Home > Data Protection > PowerProtect DD Series Appliances > Dell PowerProtect Data Domain SISL Scaling Architecture > No data available.
The basic algorithm for deduplication is to break the incoming data stream into segments in a repeatable way and compute a unique fingerprint for the segment. This fingerprint is then compared to all others in the system to determine whether it is unique or redundant. Only unique data is stored to disk. To its clients, the system appears to store the data in the usual way, but internally it does not use disk space to store the same segment repeatedly. Instead, it creates additional references to the previously stored unique segment.
For good data reduction, the segments should be small to maximize the data reduction effect. Smaller segments are more likely to be found in more places. But smaller segments mean there are more segments and therefore more fingerprints to compute and compare. Data Domain deduplication technology uses a relatively small segment size (8 KB average, varying in size). This provides the best deduplication results and provides a flexible, application-independent store. After identifying unique segments, local compression such as, LZ, gz, and gzfast, is applied and only that data is stored to disk.

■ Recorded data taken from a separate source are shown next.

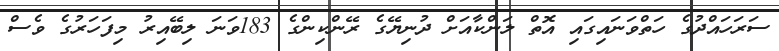
ސަރަހައްދުގެ ހަތްވަނައިގައި އޮތް ލަންކާއަށް ދުނިޔޭގެ ރޭންކިންގެ 183ވަނަ ލިބޭއިރު މިފަހަރުގެ ވެސް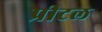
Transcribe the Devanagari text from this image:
प्रीटल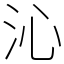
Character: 沁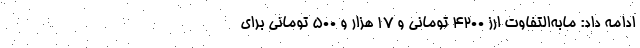
ادامه داد: مابه‌‌التفاوت ارز 4200 تومانی و 17 هزار و 500 تومانی برای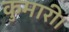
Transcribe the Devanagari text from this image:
कुमारी।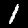
Digit: 1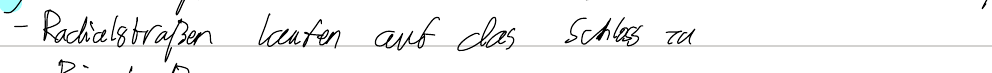
- Radialstraßen laufen aus das Schloss zu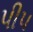
પીપ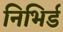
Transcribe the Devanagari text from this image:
निभिर्ड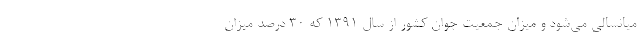
میانسالی می‌شود و میزان جمعیت جوان کشور از سال ۱۳۹۱ که ۳۰ درصد میزان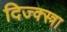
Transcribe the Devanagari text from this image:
दिज्क्स्त्रा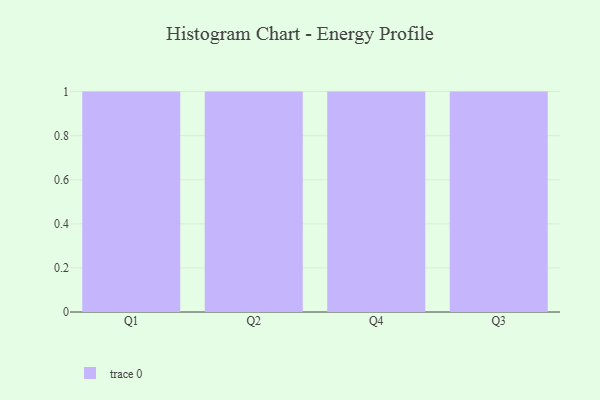
{"axis": {"x": "Quarter", "y": "Page Views"}, "legend": [""], "data": [{"x": "Q1", "y": 98, "type": ""}, {"x": "Q2", "y": 91, "type": ""}, {"x": "Q4", "y": 62, "type": ""}, {"x": "Q3", "y": 85, "type": ""}]}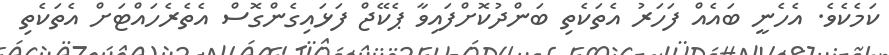
ކަމެކެވެ. އެހެނީ ބައެއް ފަހަރު އެތަކެތި ބަންދުކޮށްފައިވާ ޕެކޭޖް ފަޅައިގެންގޮސް އެތެރެހައްޓަށް އެތަކެތި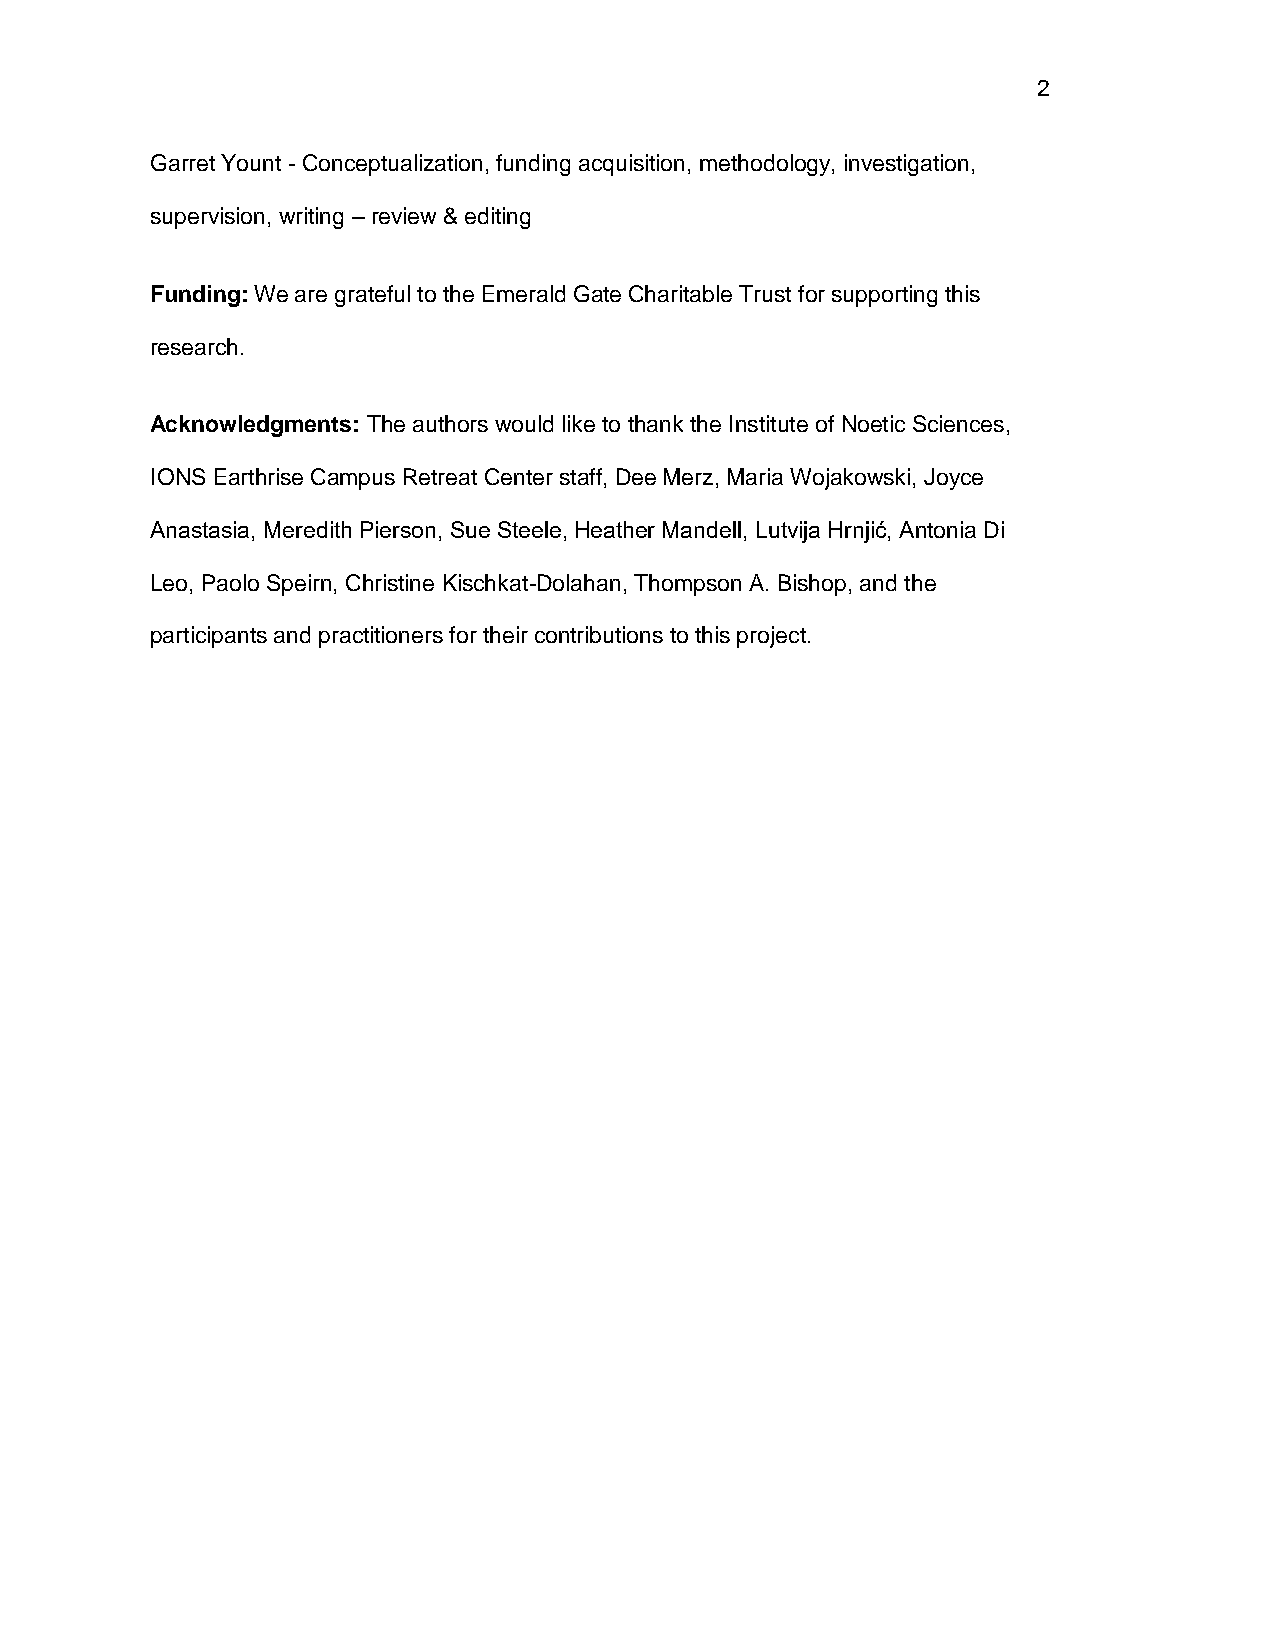
2
 Garret Yount - Conceptualization, funding acquisition, methodology, investigation,
 supervision, writing – review & editing
 Funding: We are grateful to the Emerald Gate Charitable Trust for supporting this
 research.
 Acknowledgments: The authors would like to thank the Institute of Noetic Sciences,
 IONS Earthrise Campus Retreat Center staff, Dee Merz, Maria Wojakowski, Joyce
 Anastasia, Meredith Pierson, Sue Steele, Heather Mandell, Lutvija Hrnjić, Antonia Di
 Leo, Paolo Speirn, Christine Kischkat-Dolahan, Thompson A. Bishop, and the
 participants and practitioners for their contributions to this project.

The fingerprint index in this kind of approach can be a magnitude bigger than system RAM. As a result, it is typically stored on disk. So, for index lookups, the system will typically perform a disk read for each incoming segment. That is where things can get tricky.
This would mean that for a 100 MB/s throughput, a typical hash-based system would need about 100 disks. Here’s why. A 500 GB SATA disk can sustain approximately 120 disk accesses for index lookups per second. For a segment size of 8 KB, that means a single disk could support an incoming data rate of about 120 x 8 KB, or about 1 MB/s. To go faster, more disks would be required to spread the access load. Such a system would be too expensive to compete with tape in most situations.
Simple alternatives are sub-optimal. One resolution could be to use a much bigger segment size on average, but that would provide significantly worse deduplication effects and again make the system uncompetitive with tape automation on configured price. Otherwise, faster Fibre Channel disks could be used – but for twice the speed, they often cost 3x-5x more per gigabyte.
As shown in Figure 1, In a finger printing approach using high capacity, low-cost SATA disk, random lookups of fingerprints for segments that average 8 KB limit throughput to about 1MB/s per disk.